D&D’s spells are mechanically defined and described in almost excruciating detail—to the point that each use of a spell may necessitate re-reading its entry in the rulebook (especially if it’s one not commonly used). This is an example of trustlessness; the designers don’t have to trust the players not to abuse or misinterpret any given spell because the magical effects are so extremely precisely delineated. As a result, the spell list takes up an entire chapter in the PHB.

In A Dragon Game, though, spells are defined by their type (word, sigil, ceremony) and two words drawn from a pair of 20-entry lists. The spell’s effects are whatever the player interprets those two words to mean. The entire spellcasting system takes up only two pages (which are rather liberally laid out).

The difference between the two systems is trust. Opening the system up to interpretation self-evidently precludes the possibility of misinterpretation, of course, but more importantly, the designer isn’t designing against the possibility that the player will abuse that open-ended interpretability. Bissette trusts his players. D&D’s designers only trust their system.

Interpretability as Incompleteness

Interpretability is productive incompleteness—what Augury Ignored calls productive voids in their blog post of the same name. These voids are points a designer leaves undefined in a system; when done correctly, they provide the GM latitude to make rulings (instead of enforcing rules), which gives them room to act as a creative player (instead of only refereeing a formal system).

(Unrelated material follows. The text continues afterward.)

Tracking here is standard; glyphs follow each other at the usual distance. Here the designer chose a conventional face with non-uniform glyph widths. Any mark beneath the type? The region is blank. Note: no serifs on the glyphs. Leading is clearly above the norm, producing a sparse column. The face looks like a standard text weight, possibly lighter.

When a game emphasizes rules over rulings, it’s trying to provide a ruleset that locks down the play experience, eliminates incompleteness, and establishes a total system that forecloses on variability. The system becomes utterly central to the shared experience.

“Trustless systems are the opposite of centralized systems,” CoinMarketCap’s definition says of blockchain networks. They’re “an environment where there is no centralized authority.”

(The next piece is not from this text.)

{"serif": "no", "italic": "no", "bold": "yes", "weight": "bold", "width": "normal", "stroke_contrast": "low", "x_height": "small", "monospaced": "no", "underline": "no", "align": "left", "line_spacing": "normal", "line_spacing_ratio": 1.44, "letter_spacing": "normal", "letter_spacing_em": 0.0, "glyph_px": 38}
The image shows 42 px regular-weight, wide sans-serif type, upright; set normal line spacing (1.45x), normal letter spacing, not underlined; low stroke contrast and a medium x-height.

This is exactly the opposite in RPGs: the trustless system is the centralized authority. In System and the Shared Imagination, M. Joseph Young concludes “rules are authorities used to support the credibility of statements made by people.” Young’s interpretation is a product of his times; he wrote these words in 2005, an era when D&D 3e was taking AD&D’s totalizing ambition to its extreme, and when theorists likewise aimed at mastering RPG design by establishing totalizing frameworks.

Justin Hamilton’s essay “Less Rules Do More” (available in Knock! #3) addresses the flip side of this situation. Hamilton describes a gaming culture in which the GM as referee has become synonymous with “the person who knows the rules” instead of an asymmetrical participant in the conversation that constitutes play. Rules and mechanics exist to support the fiction being created at the table, but the heavier the system, the more the players’ conversation focuses on that mechanical infrastructure instead of the creative superstructure that’s intended as play’s manifest content; the system entrenches itself, and insists upon itself, as the central authority.

The Trustlessness Paradox

The more a designer attempts to circumscribe the intended play experience through a trustless system, the more cumbersome the game becomes, and the more it succumbs to the problems Hamilton describes. It becomes less of a game and more of an exercise in bureaucracy.

A trustless RPG system is the opposite (in theory if not in practice) of a blockchain network: it centralizes what should be a decentralized system of interaction and communication. In contrast, a trust-based system takes advantage of productive incompleteness to de-emphasize mechanics and empower creative play.

The lighter (more trust-based) the rules are, the better all players can become acquainted with and remember them, thereby rehabilitating the GM’s position as the other players’ interface with the imagined world rather than a repository and arbitrator of the rules governing that world. The more totalizing and trustless the system, the less authority it grants to the players (including the GM). In a productively incomplete and trust-based game, the system and the players share authority to shape their experience.